> **DIRECTIONS**
Please restate each entry that appears below word for word, without its pictures.

Stored items
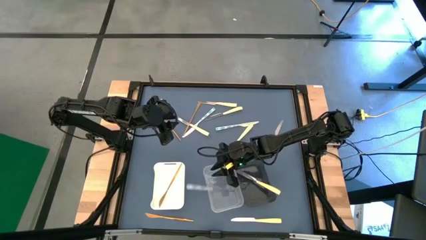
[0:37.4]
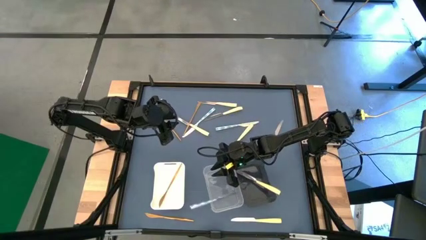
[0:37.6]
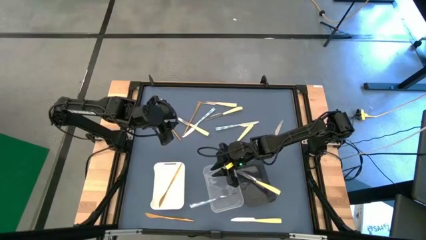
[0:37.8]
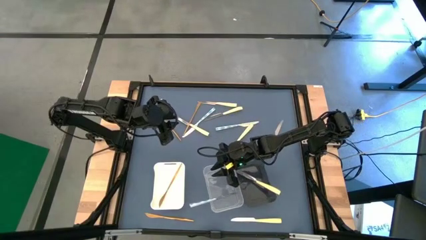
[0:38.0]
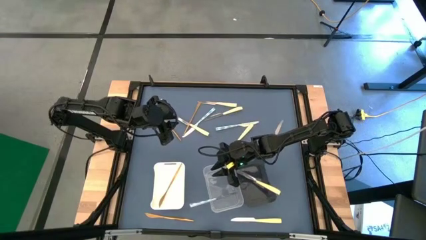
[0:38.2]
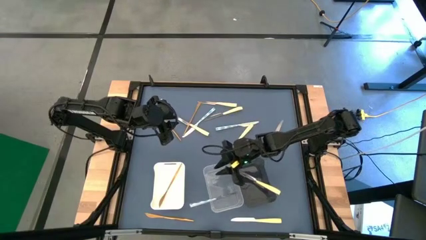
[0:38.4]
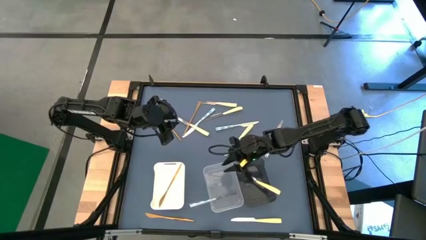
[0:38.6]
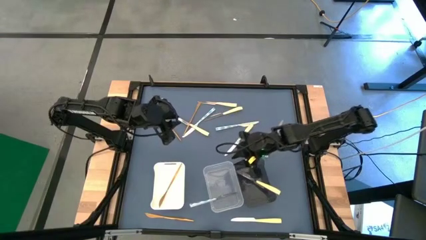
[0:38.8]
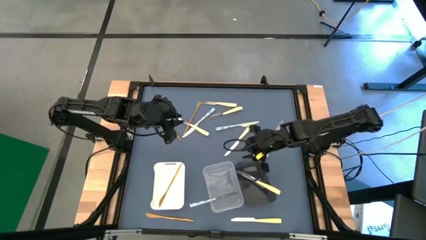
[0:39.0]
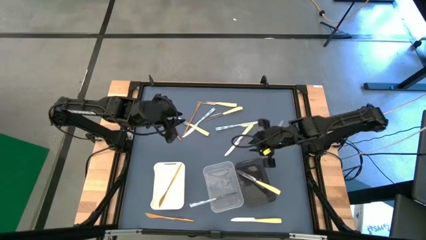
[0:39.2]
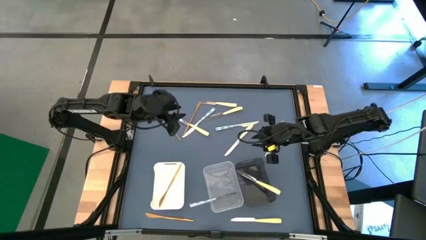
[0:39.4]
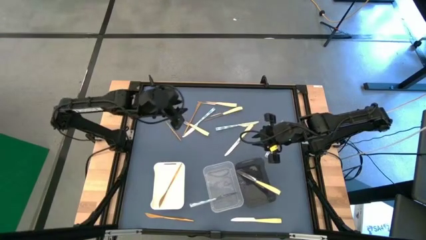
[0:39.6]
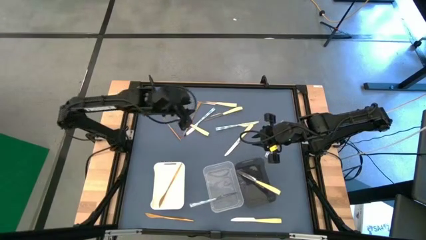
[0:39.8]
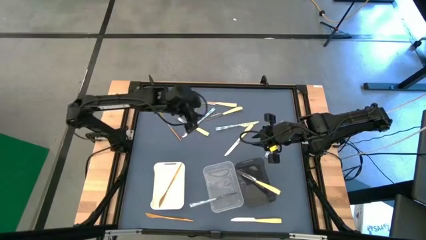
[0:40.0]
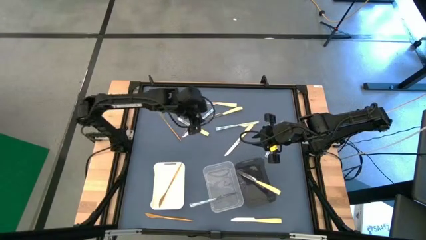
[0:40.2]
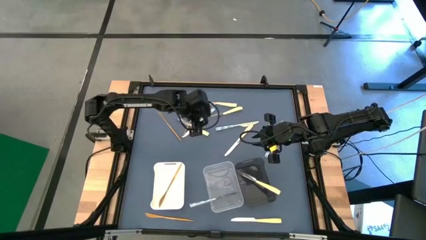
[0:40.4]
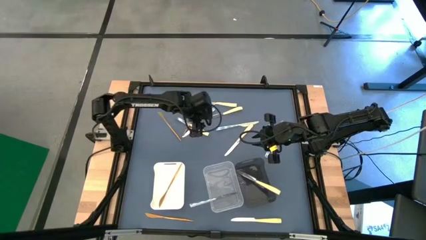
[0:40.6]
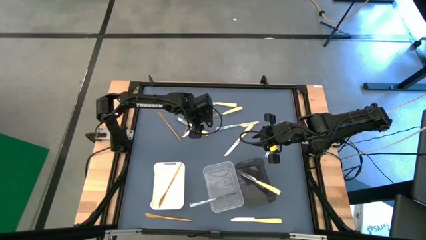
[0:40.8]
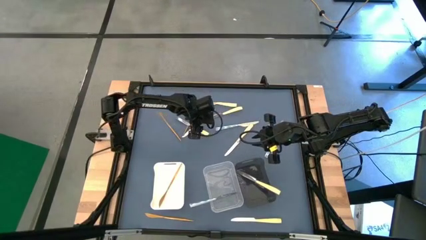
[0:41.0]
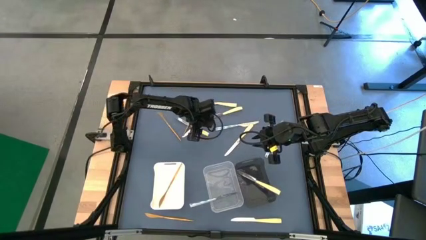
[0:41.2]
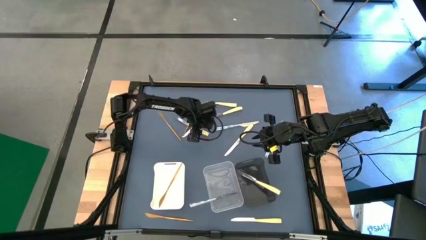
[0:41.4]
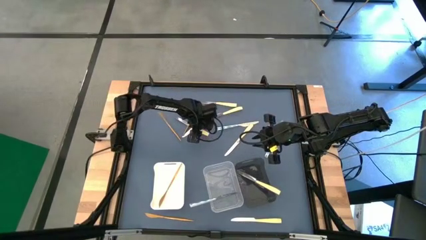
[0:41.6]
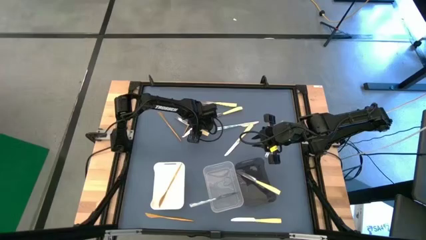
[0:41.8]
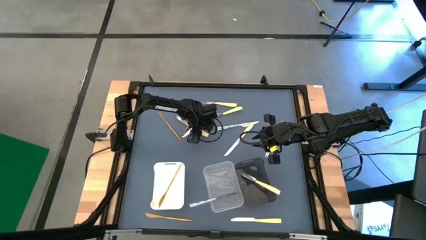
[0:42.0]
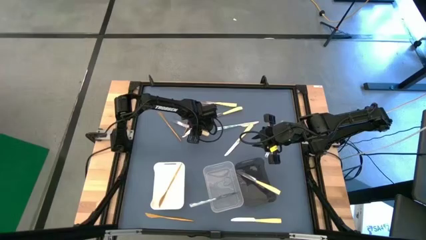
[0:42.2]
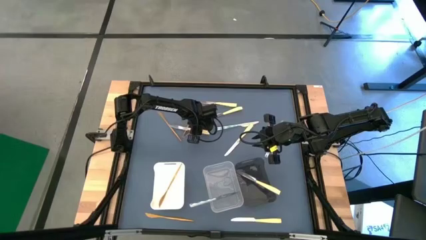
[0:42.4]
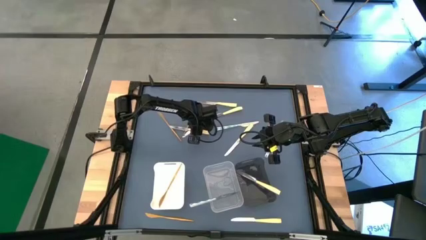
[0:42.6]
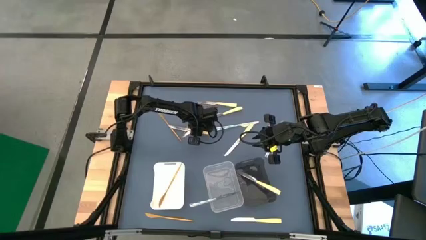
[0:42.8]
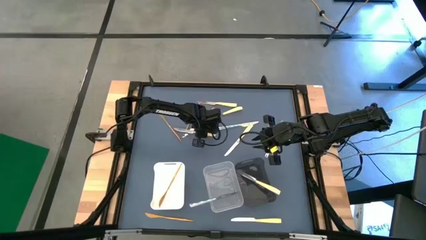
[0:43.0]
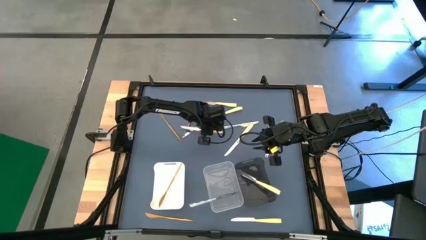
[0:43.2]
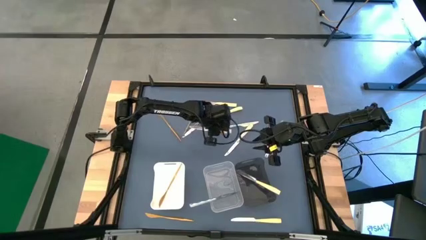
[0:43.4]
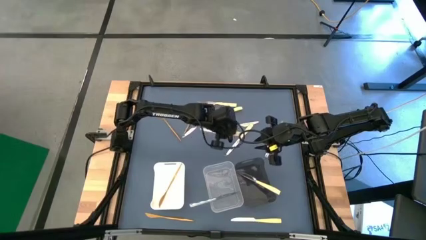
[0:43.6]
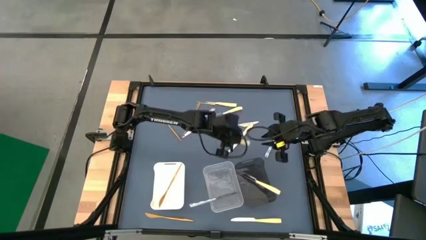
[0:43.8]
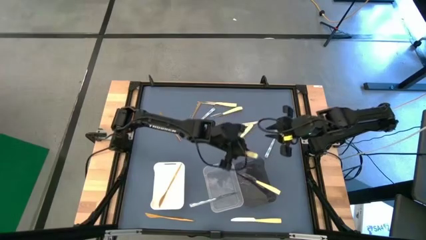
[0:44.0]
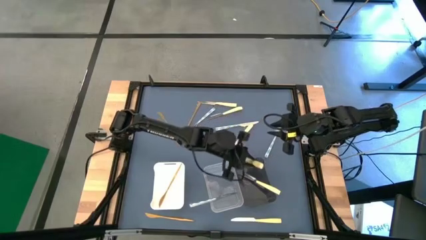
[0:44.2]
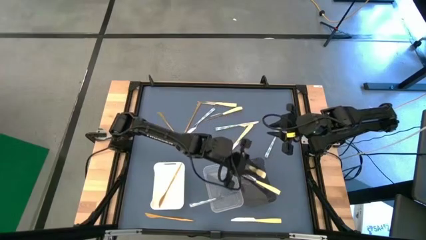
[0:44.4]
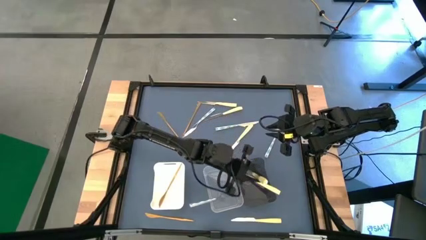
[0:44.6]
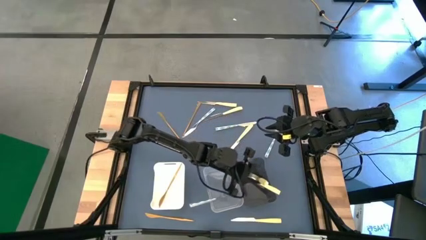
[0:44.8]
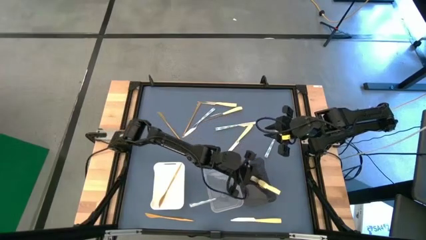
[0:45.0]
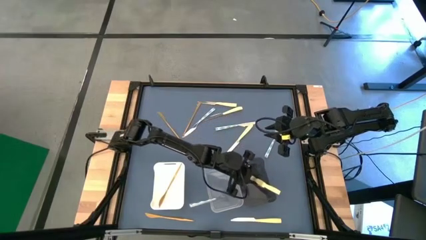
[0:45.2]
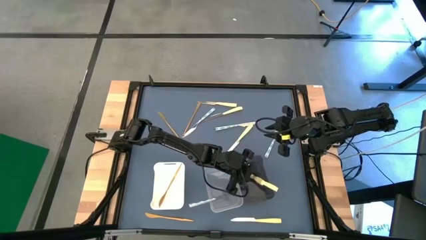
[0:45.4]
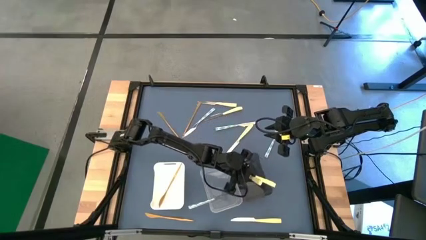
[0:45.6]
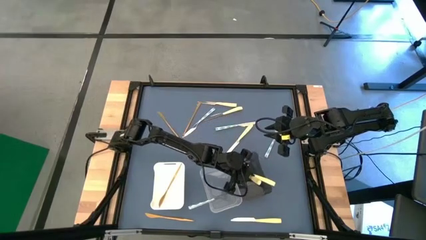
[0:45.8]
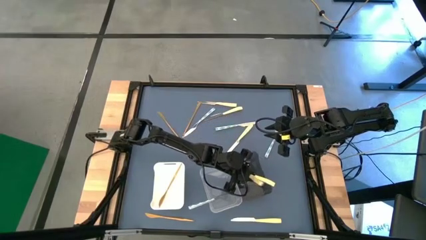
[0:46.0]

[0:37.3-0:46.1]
Task: Sort silverware by color (type)
Put the yellow table knife into the black transparent bin

> **WRITTEN ANSWER**
[0:37.4]
[0:37.6]
[0:37.8]
[0:38.0]
[0:38.2]
[0:38.4]
[0:38.6]
[0:38.8]
[0:39.0]
[0:39.2]
[0:39.4]
[0:39.6]
[0:39.8]
[0:40.0]
[0:40.2]
[0:40.4]
[0:40.6]
[0:40.8]
[0:41.0]
[0:41.2]
[0:41.4]
[0:41.6]
[0:41.8]
[0:42.0]
[0:42.2]
[0:42.4]
[0:42.6]
[0:42.8]
[0:43.0]
[0:43.2]
[0:43.4]
[0:43.6]
[0:43.8]
[0:44.0]
[0:44.2]
[0:44.4]
[0:44.6]
[0:44.8]
[0:45.0]
[0:45.2]
[0:45.4]
[0:45.6]
[0:45.8]
[0:46.0]

[0:37.3-0:46.1]
Task: Sort silverware by color (type)
Put the yellow table knife into the black transparent bin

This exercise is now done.